Share your dilemmas and get honest opinions from other Mumsnetters.

To think this single parent has it relatively easy?

467 replies

coffeeforone · 24/10/2019 07:43

A close friend constantly reminds me and others that she is a 'single parent' and how difficult it is for her and other SPs, I apparently have it so much easier as there are two of us. May be true, but in reality I think she has no idea how easy her life is. She has two primary aged kids (so SN) and works full time in the school that her kids go to, term time only so childcare is not an issue. If she wants to earn extra cash she can help out at wraparound clubs and the school doesn't charge for her kids to attend.

Her ExDH is a great dad which she admits herself, he financially supports her and collects kids every Friday from school and keeps them until Sunday midday, so both her weekend evenings and all day Saturday are completely free for her to do as she likes. She also has two sets of youngish GPs who she is on good terms with and will drop everything to take the kids whenever she asks (say they are off school sick or she has a work commitment/parents evening).

However, If she encounters other lone parents she will always empathise with them 'I know exactly how you feel, it's really hard doing it 'all alone', etc, etc). I just feel she doesn't have it that bad and it's a bit of a kick in the teeth for the other person when they realise her setup! Am I missing something that would make her life much harder than say a couple with two young kids?

OP posts:
NewName73 · 24/10/2019 08:11

I disagree. YABVU.

Being a single parent isn't just about managing the practicalities of day to day life, it is about bearing the full burden of responsibility for everything alone, having to make decisions on your own, etc etc.

Derbee · 24/10/2019 08:12

What’s the old saying?

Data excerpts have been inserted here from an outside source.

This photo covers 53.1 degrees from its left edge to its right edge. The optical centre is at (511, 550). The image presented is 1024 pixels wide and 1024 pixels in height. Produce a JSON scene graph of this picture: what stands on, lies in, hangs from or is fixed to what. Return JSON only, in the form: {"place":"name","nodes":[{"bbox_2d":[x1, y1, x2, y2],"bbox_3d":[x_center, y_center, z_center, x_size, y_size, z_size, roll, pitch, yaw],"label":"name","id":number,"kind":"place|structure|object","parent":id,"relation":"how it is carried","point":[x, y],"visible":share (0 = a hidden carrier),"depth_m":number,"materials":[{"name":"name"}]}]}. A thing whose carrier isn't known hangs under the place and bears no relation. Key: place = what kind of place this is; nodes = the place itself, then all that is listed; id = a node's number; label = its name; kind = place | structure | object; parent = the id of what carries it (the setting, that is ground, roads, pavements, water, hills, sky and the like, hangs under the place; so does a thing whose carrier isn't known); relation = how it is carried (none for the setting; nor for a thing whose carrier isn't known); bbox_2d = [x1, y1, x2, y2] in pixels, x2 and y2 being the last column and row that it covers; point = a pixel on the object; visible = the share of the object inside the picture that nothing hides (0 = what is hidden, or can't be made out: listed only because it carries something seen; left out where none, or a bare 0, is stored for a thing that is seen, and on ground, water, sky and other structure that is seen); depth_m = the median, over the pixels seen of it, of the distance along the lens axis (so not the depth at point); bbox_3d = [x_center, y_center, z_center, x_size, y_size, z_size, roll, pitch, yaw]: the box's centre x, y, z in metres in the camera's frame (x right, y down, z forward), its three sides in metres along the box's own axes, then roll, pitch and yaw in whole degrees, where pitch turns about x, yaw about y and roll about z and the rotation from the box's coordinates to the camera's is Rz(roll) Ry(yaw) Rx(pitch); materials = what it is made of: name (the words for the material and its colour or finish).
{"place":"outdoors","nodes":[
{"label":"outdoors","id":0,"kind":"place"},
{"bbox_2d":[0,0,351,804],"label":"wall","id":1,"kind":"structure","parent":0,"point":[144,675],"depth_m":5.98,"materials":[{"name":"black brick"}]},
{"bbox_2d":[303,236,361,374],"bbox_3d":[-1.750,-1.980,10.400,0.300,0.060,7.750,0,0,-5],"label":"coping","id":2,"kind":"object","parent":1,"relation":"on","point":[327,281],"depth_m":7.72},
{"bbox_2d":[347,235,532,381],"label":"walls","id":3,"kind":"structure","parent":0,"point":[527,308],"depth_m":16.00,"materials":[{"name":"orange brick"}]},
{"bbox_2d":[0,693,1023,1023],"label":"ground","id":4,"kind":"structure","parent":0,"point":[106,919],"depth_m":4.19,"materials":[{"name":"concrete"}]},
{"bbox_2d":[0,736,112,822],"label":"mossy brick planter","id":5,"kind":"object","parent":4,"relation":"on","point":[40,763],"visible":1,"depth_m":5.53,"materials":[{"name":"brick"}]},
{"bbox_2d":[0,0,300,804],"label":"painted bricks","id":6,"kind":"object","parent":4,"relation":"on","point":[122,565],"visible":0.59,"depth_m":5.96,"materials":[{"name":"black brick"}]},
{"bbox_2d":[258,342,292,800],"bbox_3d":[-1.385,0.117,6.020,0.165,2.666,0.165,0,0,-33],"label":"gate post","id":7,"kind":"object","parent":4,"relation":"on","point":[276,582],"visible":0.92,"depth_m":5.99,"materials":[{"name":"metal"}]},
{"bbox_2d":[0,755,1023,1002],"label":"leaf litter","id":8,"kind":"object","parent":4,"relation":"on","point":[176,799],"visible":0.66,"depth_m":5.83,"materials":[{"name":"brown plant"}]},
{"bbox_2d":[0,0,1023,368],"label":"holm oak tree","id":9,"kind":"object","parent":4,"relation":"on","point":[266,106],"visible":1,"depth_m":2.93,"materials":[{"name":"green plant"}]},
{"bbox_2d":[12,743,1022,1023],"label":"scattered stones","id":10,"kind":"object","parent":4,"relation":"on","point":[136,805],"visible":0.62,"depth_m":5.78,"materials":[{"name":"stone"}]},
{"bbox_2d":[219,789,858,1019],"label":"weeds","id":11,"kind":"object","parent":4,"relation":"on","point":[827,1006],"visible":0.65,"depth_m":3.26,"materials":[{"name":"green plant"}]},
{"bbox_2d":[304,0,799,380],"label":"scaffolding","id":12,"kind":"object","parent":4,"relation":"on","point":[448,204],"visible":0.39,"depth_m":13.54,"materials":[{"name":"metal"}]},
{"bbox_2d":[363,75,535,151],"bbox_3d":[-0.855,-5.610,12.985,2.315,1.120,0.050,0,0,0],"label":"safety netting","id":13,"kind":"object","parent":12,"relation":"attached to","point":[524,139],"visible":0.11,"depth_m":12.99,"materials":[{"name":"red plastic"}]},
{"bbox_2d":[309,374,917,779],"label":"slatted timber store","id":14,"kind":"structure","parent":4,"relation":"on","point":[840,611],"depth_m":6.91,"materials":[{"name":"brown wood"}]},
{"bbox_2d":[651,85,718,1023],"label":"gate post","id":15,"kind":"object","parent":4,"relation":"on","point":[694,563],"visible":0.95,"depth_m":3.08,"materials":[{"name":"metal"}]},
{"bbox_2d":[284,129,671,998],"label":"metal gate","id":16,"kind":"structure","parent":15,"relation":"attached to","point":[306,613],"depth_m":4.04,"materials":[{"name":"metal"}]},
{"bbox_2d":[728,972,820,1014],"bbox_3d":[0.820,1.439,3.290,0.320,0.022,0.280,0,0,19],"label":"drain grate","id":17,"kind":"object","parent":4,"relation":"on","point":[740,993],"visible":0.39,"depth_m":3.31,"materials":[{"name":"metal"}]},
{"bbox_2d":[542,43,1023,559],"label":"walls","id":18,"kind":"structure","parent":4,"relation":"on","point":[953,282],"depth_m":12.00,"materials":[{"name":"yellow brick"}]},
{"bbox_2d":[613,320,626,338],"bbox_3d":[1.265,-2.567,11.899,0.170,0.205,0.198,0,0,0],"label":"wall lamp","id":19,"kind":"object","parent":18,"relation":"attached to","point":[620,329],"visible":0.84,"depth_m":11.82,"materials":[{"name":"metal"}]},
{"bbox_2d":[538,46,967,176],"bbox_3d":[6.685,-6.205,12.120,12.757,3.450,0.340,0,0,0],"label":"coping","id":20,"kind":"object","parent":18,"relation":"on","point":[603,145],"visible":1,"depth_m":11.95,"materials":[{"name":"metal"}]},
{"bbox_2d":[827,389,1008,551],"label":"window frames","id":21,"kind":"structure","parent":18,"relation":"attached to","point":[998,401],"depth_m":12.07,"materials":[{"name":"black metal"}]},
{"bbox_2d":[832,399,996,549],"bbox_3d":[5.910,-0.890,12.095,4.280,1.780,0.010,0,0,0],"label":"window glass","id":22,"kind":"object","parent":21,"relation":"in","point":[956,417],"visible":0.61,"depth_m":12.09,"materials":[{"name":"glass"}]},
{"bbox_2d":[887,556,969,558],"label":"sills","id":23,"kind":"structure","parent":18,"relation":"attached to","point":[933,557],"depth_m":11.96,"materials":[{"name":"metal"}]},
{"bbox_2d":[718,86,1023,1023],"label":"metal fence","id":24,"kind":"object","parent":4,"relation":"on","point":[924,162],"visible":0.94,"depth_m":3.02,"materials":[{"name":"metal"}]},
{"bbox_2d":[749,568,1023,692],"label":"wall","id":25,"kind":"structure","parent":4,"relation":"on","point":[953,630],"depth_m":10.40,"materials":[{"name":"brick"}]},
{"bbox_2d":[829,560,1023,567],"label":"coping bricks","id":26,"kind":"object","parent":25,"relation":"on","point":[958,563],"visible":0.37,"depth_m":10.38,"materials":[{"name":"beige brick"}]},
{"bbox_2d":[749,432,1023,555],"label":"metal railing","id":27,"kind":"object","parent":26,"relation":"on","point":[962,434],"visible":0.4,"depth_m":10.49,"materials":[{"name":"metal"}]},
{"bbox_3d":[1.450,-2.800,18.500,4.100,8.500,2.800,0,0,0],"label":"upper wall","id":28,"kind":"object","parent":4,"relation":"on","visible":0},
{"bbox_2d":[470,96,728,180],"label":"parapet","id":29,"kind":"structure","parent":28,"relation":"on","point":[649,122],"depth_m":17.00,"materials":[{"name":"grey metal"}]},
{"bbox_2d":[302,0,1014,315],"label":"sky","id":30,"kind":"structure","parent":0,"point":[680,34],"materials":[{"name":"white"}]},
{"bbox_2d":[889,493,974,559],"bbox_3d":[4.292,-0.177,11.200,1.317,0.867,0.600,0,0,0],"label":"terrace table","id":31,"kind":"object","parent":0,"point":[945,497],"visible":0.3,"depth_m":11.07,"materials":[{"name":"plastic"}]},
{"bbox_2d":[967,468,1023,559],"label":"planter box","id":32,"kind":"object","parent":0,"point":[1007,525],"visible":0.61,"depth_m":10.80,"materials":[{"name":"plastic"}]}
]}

With friends like you...
YABU. She spends all week physically and mentally looking after the children on her own. She doesn’t get any fun time on weekends to spend with them.

Ohyesiam · 24/10/2019 08:12

Do you have a lot of close friends you don’t actually like?

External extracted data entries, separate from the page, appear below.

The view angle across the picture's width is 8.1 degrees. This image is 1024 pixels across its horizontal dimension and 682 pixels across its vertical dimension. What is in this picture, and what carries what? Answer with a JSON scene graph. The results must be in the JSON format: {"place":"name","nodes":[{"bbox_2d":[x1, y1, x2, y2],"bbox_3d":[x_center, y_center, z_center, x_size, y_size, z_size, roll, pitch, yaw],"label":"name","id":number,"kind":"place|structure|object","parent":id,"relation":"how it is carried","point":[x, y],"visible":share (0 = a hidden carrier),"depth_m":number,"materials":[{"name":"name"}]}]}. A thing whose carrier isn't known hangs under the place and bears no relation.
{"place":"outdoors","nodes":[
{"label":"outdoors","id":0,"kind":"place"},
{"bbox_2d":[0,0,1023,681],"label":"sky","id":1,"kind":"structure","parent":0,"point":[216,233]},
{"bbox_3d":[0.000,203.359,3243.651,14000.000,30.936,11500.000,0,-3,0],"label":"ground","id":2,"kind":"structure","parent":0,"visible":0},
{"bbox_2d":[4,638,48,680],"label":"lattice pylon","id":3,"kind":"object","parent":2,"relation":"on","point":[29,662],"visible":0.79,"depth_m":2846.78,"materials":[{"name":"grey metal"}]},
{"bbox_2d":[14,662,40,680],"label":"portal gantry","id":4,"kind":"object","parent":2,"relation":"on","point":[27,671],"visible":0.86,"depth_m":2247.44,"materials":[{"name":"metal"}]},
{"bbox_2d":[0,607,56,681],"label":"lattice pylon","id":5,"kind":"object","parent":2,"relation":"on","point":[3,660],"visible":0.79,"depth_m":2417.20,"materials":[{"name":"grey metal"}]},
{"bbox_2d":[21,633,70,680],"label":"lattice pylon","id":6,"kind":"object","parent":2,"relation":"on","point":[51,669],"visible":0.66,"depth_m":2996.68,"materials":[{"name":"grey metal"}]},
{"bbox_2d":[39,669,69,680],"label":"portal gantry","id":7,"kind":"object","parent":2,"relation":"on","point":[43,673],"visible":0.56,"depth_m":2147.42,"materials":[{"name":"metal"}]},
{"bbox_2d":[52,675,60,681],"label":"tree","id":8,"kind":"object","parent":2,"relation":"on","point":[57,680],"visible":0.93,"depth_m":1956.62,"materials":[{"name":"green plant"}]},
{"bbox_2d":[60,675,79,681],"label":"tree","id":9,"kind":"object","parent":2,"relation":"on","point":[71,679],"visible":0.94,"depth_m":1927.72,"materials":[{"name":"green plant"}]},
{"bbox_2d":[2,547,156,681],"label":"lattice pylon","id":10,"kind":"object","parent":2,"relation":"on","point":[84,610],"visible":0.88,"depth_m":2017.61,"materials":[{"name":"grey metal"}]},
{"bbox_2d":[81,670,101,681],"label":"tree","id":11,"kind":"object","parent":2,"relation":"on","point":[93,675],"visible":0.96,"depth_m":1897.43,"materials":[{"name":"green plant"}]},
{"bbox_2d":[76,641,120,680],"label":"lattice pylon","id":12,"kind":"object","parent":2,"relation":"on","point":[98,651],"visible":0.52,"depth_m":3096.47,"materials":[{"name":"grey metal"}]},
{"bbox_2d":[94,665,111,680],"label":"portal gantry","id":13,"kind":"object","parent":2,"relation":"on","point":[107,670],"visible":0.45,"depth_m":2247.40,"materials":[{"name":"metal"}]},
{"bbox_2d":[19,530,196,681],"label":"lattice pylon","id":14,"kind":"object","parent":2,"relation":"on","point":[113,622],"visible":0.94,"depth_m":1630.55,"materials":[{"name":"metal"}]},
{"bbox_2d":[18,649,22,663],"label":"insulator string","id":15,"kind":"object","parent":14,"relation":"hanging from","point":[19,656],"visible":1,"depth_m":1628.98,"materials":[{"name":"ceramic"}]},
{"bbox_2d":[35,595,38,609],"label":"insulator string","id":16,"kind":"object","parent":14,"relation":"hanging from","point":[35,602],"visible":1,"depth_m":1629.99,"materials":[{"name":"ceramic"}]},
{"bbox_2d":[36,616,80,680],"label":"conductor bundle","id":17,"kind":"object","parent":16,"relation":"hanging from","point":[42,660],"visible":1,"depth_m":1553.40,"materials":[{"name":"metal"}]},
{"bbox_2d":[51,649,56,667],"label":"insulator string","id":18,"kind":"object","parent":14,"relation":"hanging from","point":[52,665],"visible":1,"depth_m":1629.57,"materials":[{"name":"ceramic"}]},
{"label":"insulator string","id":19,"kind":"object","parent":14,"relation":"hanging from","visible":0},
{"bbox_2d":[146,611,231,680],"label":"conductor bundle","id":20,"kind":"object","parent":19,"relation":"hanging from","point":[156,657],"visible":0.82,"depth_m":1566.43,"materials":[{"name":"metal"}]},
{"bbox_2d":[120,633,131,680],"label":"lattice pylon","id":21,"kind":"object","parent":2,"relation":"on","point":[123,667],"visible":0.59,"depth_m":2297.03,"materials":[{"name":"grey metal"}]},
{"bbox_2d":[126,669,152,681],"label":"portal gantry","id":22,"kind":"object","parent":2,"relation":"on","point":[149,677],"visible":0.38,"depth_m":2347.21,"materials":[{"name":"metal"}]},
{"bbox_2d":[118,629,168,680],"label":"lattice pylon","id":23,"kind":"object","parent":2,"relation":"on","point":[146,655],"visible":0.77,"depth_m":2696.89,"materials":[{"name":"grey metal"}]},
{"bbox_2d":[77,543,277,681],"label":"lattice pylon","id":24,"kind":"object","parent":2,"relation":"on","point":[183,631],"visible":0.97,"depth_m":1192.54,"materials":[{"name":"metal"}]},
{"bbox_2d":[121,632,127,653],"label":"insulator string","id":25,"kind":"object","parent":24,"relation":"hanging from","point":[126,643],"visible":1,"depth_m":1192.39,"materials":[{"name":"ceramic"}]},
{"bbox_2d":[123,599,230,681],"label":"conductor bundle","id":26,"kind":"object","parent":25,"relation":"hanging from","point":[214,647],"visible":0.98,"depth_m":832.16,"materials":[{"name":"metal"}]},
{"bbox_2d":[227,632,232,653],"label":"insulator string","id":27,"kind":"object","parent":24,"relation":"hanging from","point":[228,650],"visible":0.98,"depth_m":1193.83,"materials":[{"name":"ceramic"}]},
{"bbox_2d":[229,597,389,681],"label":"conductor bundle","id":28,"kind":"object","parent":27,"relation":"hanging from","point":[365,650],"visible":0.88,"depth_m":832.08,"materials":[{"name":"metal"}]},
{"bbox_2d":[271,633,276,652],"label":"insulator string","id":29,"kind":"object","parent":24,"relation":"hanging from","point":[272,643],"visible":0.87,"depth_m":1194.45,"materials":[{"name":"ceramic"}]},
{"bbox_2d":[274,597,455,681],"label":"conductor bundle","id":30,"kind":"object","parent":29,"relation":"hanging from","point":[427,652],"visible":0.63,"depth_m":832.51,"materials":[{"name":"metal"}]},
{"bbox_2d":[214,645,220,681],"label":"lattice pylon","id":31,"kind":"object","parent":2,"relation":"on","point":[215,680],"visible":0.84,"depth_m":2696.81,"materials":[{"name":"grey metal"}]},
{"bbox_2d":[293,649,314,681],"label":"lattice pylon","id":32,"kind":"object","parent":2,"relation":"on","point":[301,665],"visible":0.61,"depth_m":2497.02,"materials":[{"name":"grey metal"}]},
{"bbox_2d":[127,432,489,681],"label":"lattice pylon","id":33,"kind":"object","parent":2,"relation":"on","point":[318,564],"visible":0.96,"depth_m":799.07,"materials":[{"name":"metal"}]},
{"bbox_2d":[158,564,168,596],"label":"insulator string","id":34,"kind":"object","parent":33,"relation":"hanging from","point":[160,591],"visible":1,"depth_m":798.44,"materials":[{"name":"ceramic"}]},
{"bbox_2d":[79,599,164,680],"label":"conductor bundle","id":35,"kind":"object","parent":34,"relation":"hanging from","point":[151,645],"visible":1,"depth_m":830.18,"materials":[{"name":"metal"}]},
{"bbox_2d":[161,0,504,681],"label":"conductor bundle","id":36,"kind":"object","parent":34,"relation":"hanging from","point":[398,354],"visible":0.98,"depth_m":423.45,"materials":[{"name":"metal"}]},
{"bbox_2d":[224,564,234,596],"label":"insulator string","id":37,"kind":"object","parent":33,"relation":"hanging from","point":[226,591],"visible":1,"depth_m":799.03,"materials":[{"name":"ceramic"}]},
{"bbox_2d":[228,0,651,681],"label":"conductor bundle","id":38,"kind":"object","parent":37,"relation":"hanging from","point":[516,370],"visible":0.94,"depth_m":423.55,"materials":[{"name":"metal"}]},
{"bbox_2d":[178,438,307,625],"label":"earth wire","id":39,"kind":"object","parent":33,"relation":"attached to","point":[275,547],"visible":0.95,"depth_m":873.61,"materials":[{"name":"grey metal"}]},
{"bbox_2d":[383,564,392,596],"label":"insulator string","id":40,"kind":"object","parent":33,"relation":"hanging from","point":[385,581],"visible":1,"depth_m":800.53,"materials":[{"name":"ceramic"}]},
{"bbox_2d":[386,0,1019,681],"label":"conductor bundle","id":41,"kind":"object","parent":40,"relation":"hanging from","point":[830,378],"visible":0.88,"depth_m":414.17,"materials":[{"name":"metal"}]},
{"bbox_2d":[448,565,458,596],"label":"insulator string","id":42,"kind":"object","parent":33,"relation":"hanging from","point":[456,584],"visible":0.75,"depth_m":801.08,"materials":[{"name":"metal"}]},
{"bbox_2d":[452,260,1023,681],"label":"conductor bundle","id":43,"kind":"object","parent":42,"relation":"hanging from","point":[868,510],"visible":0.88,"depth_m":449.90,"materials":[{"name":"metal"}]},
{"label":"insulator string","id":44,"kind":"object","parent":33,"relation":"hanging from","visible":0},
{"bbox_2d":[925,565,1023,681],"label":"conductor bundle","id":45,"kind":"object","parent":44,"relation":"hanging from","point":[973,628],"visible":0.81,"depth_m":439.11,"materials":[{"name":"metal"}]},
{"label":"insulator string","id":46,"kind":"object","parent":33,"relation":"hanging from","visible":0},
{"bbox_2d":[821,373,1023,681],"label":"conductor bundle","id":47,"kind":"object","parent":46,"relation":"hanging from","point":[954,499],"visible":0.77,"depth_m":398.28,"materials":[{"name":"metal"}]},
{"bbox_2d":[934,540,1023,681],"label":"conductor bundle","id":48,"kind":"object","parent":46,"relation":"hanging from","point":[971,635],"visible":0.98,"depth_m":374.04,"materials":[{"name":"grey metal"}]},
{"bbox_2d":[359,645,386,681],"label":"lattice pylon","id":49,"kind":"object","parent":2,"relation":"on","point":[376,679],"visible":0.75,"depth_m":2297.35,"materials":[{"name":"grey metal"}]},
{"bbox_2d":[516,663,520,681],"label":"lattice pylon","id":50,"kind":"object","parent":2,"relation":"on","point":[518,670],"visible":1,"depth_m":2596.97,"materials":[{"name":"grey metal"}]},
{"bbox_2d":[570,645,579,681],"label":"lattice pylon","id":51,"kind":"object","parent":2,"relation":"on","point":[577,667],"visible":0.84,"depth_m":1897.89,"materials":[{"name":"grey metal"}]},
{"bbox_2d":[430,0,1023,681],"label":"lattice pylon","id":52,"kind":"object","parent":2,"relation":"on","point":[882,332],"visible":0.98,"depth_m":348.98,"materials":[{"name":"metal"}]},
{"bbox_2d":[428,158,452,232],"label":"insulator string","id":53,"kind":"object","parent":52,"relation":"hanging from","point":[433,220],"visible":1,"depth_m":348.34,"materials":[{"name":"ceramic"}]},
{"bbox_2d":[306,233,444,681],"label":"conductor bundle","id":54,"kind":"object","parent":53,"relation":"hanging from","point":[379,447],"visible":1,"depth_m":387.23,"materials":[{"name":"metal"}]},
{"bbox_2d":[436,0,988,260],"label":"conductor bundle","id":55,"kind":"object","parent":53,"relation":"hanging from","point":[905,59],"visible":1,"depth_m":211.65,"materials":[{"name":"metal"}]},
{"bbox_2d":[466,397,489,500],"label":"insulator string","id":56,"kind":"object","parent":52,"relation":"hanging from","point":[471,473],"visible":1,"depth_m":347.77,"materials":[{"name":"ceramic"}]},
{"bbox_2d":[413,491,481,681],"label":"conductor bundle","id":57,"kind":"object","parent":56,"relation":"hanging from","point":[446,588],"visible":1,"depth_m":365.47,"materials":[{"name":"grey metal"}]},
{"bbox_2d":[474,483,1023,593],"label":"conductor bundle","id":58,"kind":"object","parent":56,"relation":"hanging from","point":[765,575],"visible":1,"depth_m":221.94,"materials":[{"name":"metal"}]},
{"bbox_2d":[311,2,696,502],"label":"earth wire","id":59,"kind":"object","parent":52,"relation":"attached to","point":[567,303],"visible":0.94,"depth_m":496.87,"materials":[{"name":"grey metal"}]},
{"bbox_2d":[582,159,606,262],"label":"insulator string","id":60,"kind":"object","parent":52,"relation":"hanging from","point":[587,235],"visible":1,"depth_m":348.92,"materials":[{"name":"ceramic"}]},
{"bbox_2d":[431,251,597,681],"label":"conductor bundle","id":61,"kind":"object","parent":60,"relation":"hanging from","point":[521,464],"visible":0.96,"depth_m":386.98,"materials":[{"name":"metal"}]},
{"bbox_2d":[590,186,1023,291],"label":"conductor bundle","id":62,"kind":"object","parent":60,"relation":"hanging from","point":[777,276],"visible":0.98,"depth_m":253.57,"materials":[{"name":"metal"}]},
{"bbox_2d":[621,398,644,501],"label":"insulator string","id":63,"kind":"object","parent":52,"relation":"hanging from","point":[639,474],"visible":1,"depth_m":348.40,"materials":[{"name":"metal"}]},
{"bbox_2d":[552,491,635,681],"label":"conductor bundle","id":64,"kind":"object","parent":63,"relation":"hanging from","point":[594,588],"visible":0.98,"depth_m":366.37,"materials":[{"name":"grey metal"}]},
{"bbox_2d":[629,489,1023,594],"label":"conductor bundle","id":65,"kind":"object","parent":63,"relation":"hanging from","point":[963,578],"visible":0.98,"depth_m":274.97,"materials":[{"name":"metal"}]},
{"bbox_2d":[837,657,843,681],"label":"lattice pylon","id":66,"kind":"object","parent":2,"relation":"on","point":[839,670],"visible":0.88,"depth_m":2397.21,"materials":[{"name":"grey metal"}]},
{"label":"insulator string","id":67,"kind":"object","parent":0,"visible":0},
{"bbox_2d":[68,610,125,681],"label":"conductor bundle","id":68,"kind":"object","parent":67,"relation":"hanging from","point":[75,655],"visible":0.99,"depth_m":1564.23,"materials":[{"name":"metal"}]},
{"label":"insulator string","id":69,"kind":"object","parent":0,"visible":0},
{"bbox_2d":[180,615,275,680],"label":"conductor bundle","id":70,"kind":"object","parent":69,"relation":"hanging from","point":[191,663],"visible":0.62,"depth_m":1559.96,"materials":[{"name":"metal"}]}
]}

PrincessHoneysuckle · 24/10/2019 08:12

Admit it,you are jealous of her set up.

Waxonwaxoff0 · 24/10/2019 08:13

I'm torn on this one. I'm a single parent although my exh is very involved, he has DS on overnights and pays me good maintenance, I also live close to family members who are always willing to help out. I work school hours too although I do work in the holidays as it's an office job.

But it's still a case of having to run a household on one income (I get good maintenance but it's not the same amount as having a second income), and all the housework/cooking is still done by me. I have no one to do little things like make me a cuppa when I feel tired, exh's job is very inflexible so it is always me who has to take time off if DS is ill, arrange holiday childcare and go to all school events, do all the travelling to school and extra curriculars.

I have it a lot easier than lone parents who have no help at all, and even some married women who have crappy DHs. I know that and I would never pretend that my life is harder. But I still have my own set of problems.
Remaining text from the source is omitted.